2. The existing employees are trained to revive and enrich their knowledge.
3. If any updates and amendments take place in technology, training is given to handle with those changes.
4. When promotion and career growth becomes important. Training is given so that employees are prepared to share the responsibilities of the higher level job.
Having selected the right kind of people, Starbucks capitalized in training them in the skills they would necessitate performing their jobs efficiently. Starbucks was one of the few retail companies to invest considerably in employee training and provide comprehensive training to all classes of employees, including part-timers (Gamble, 1999; Thompson, 1999)
Putting in systems to recruit, hire, and train baristas and store managers to accommodate with fast growth. Starbucks' vice president for human resources used some simple guidelines in screening candidates for new positions. According to Kalen(2009),"We want passionate people who love coffee . . . We're looking for a diverse workforce, which reflects our community. We want people who enjoy what they're doing and for who work is an extension of them." Some 80 percent of Starbucks employees were white, 85 percent had some education beyond high school, and the average age was 26.
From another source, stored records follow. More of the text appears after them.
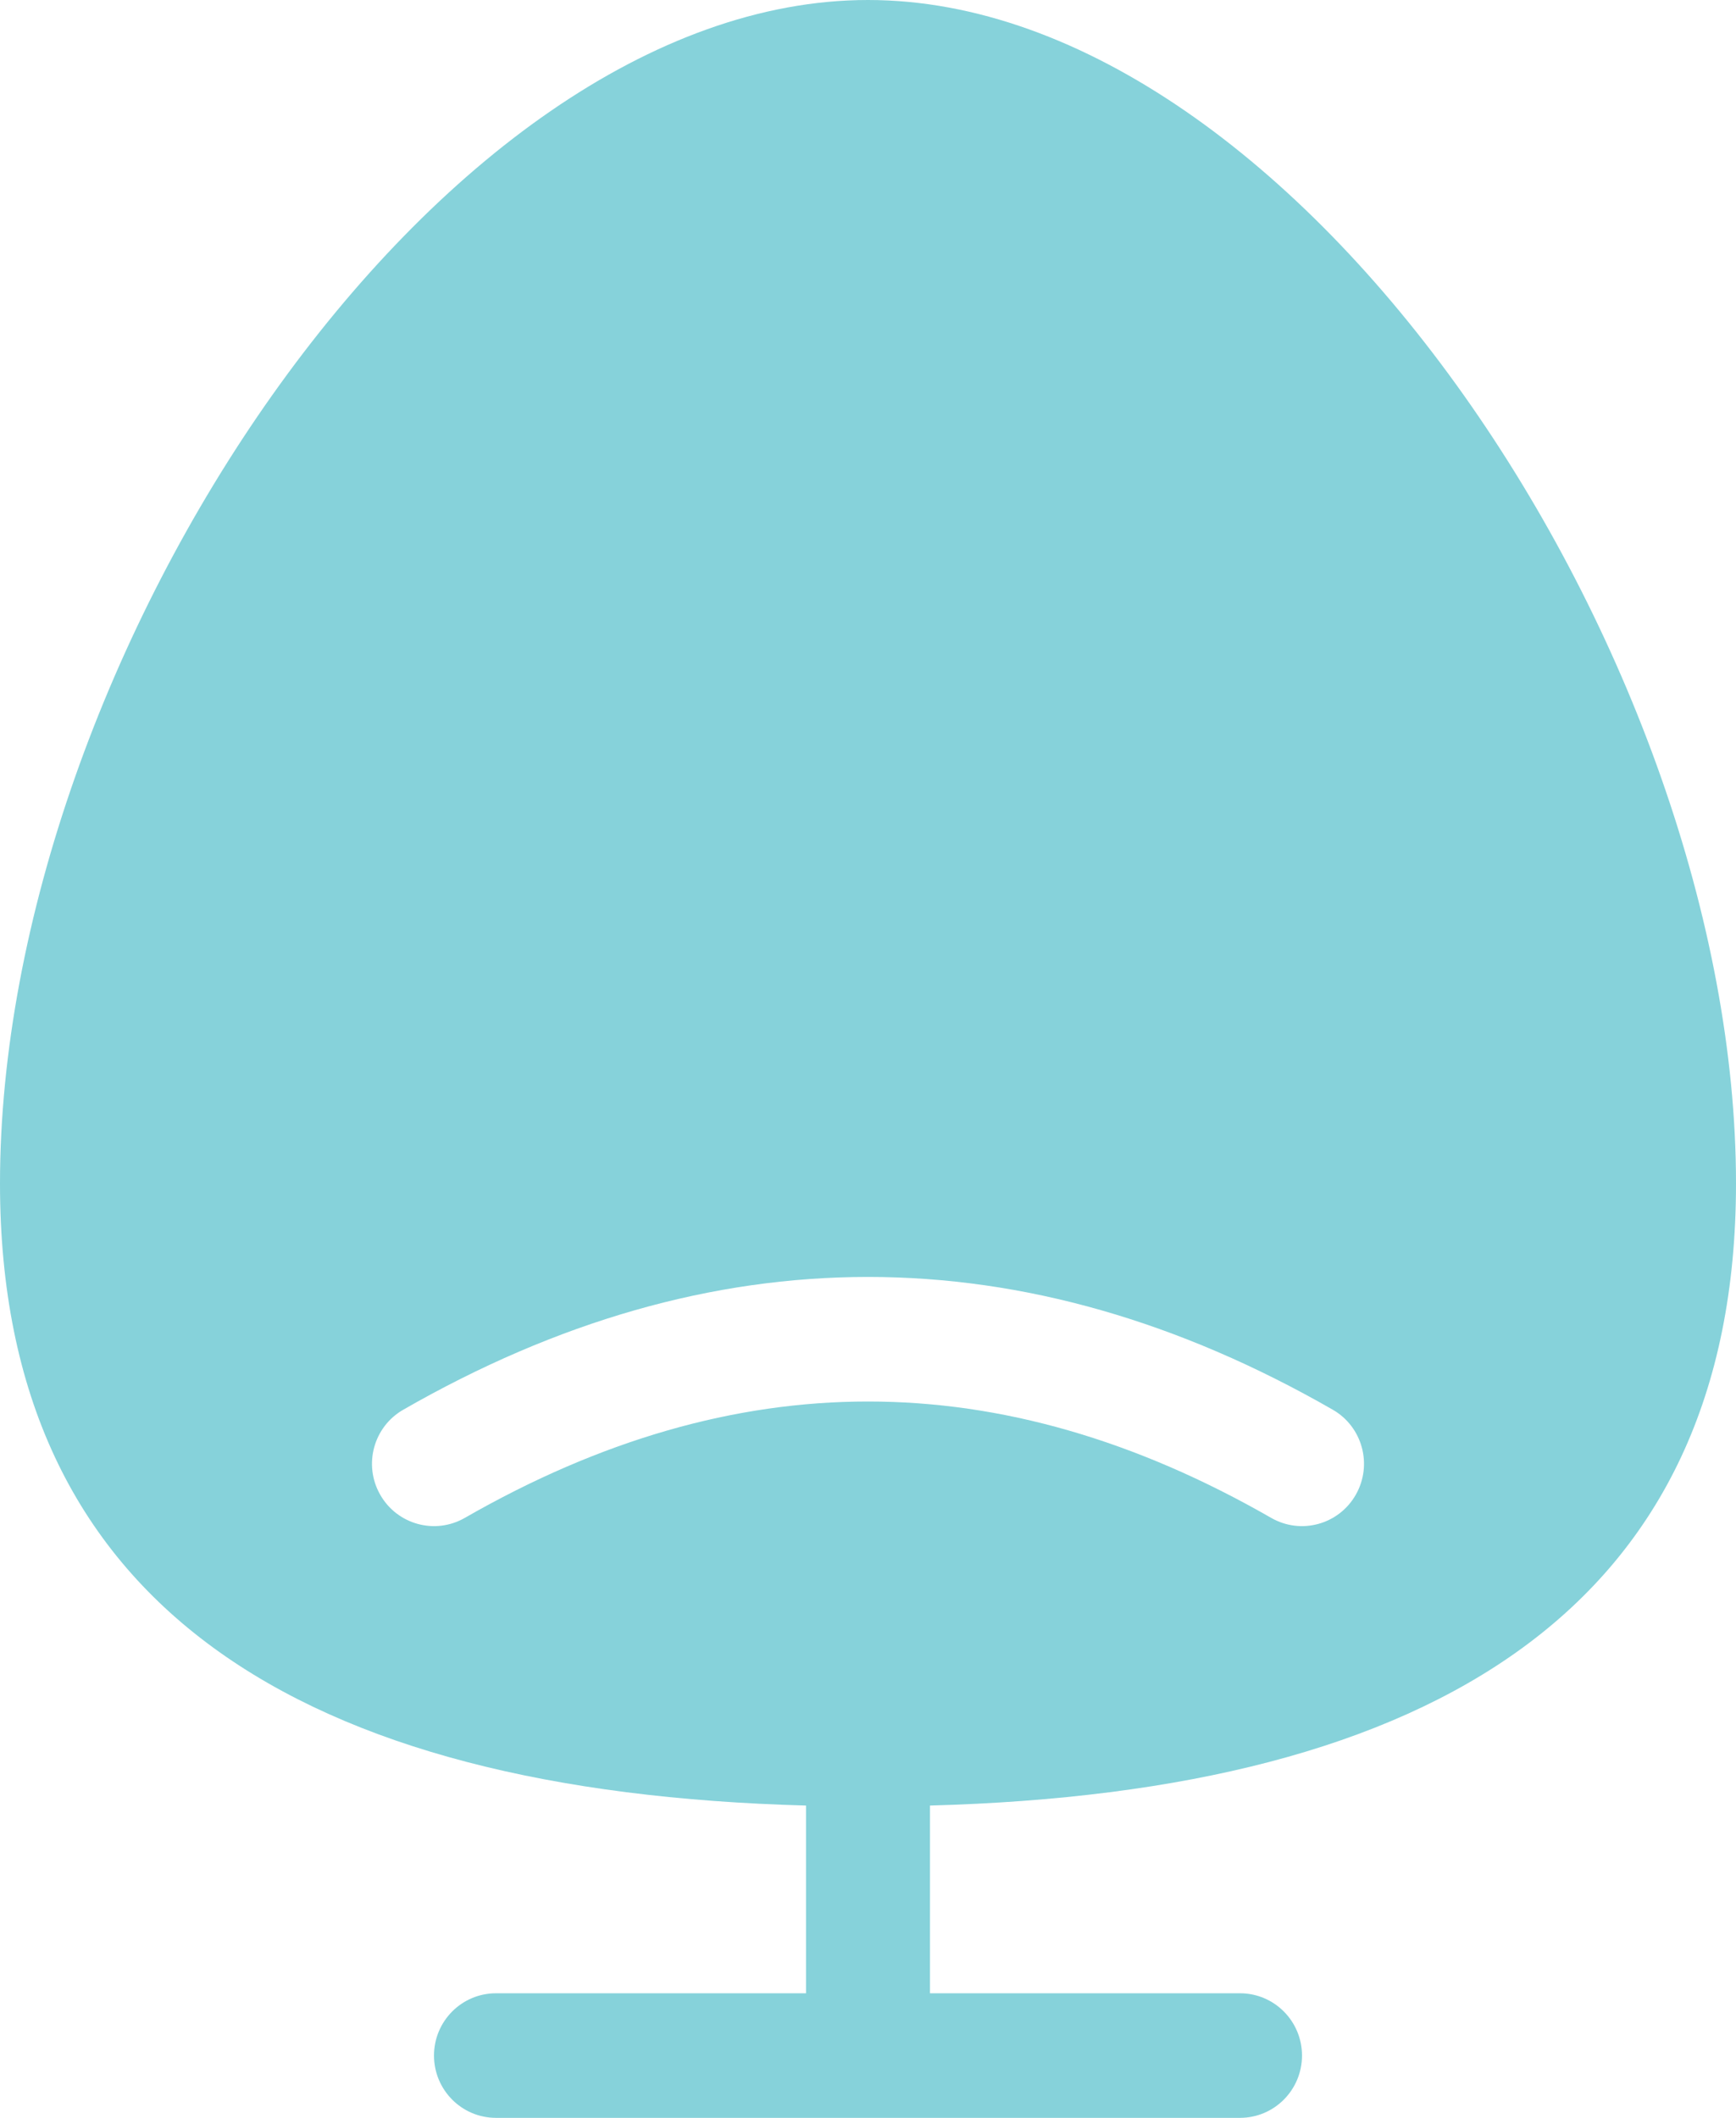 <svg width="41" height="50" viewBox="0 0 41 50" fill="none" xmlns="http://www.w3.org/2000/svg">
<path d="M19.036 42.627C7.087 42.303 0 37.907 0 27.941C0 15.554 10.319 0 20.5 0C30.681 0 41 15.554 41 27.941C41 37.907 33.913 42.303 21.964 42.627V47.059H29.286C30.094 47.059 30.75 47.717 30.75 48.529C30.75 49.342 30.094 50 29.286 50H11.714C10.906 50 10.25 49.342 10.25 48.529C10.25 47.717 10.906 47.059 11.714 47.059H19.036V42.627ZM10.977 35.836C14.18 33.998 17.348 33.088 20.5 33.088C23.652 33.088 26.82 33.998 30.023 35.836C30.726 36.239 31.62 35.994 32.021 35.288C32.422 34.583 32.179 33.685 31.477 33.282C27.846 31.198 24.181 30.147 20.5 30.147C16.819 30.147 13.154 31.198 9.524 33.282C8.821 33.685 8.577 34.583 8.979 35.288C9.38 35.994 10.274 36.239 10.977 35.836Z" fill="#86D2DA"/>
</svg>
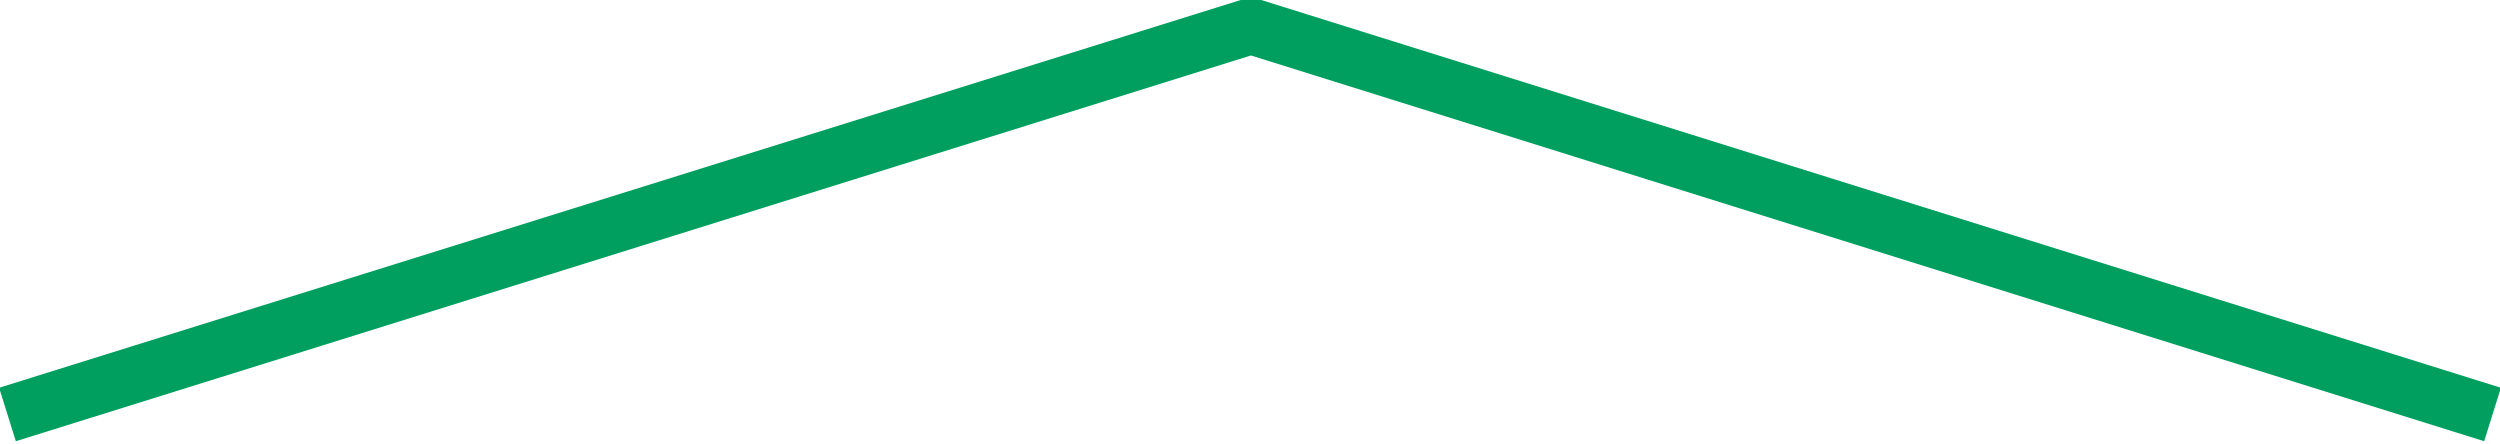 <?xml version="1.0" encoding="utf-8"?>
<!-- Generator: Adobe Illustrator 19.0.0, SVG Export Plug-In . SVG Version: 6.00 Build 0)  -->
<svg version="1.1" id="Layer_1" xmlns="http://www.w3.org/2000/svg" xmlns:xlink="http://www.w3.org/1999/xlink" x="0px" y="0px"
	 width="133.9px" height="23.8px" viewBox="-732 289.2 133.9 23.8" style="enable-background:new -732 289.2 133.9 23.8;"
	 xml:space="preserve">
<style type="text/css">
	.st0{fill:none;stroke:#009F5F;stroke-width:3;stroke-miterlimit:10;}
</style>
<g id="XMLID_4_">
	<polyline id="XMLID_690_" class="st0" points="-598.5,311.4 -665,290.6 -731.6,311.4 	"/>
</g>
</svg>

Every partner/barista hired for a retail job in a Starbucks store are required to have at least 24 hours training in the first two to four weeks. The training included classes on coffee history, drink preparation, coffee knowledge (four hours), and customer service (four hours), and retail skills, plus a four-hour workshop called "Brewing the Perfect Cup." Baristas are trained in using the cash register, weighing beans, opening the bag properly, taking the beans without spilling them on the floor, holding the bag in a way that avoids air from being trapped inside, and attaching labels on the package exactly one-half inch over the Starbucks logo. Beverage preparation occupied even more training time, involving such activities as grinding the beans, steaming milk, learning to pull perfect (18- to 23-second) shots of espresso, memorizing the recipes of all the different drinks, practicing making the different drinks, and learning how to make drinks to customer special requirements. There are sessions on how to clean the milk wand on the espresso machine, explain the Italian drink names to customers, sell an $875 home espresso machine, make eye contact with customers, and take personal responsibility for the cleanliness of the coffee bins. Everyone is trained in the Star Skills, three guidelines for on-the-job interpersonal relations: (1) maintain and enhance self-esteem, (2) listen and acknowledge, and (3) ask for help. And there were rules to be followed: milk must be steamed to at least 150 degrees Fahrenheit but never more than 170 degrees; every espresso shot not pulled within 23 seconds must be tossed; customers who order one pound of beans must be given exactly that-not .995 pounds or 1.1 pounds; never let coffee sit in the pot more than 20 minutes; always compensate dissatisfied customers with a Starbucks coupon that entitles them to a free drink.
Management trainees attended classes for 8 to 12 weeks. Their training went much deeper, including not only the information imparted to baristas but also the details of store operations, practices and procedures as set forth in the company's operating manual, information systems, and the basics of managing people. Starbucks' trainers were all store managers and district managers with on-site experience. One of their main objectives was to instill the company's values, principles, and culture and to impart their knowledge about coffee and their passion about Starbucks.
Each time Starbucks opened stores in a new market; it started a major recruiting effort. Eight to ten weeks before opening, the company placed ads to hire baristas and begin their training. It sent a Star team of experienced and qualified managers and baristas from existing stores to the area to lead the store-opening effort and to conduct one-on-one training following the company's formal classes and basic orientation sessions at the Starbucks Coffee School in San Francisco.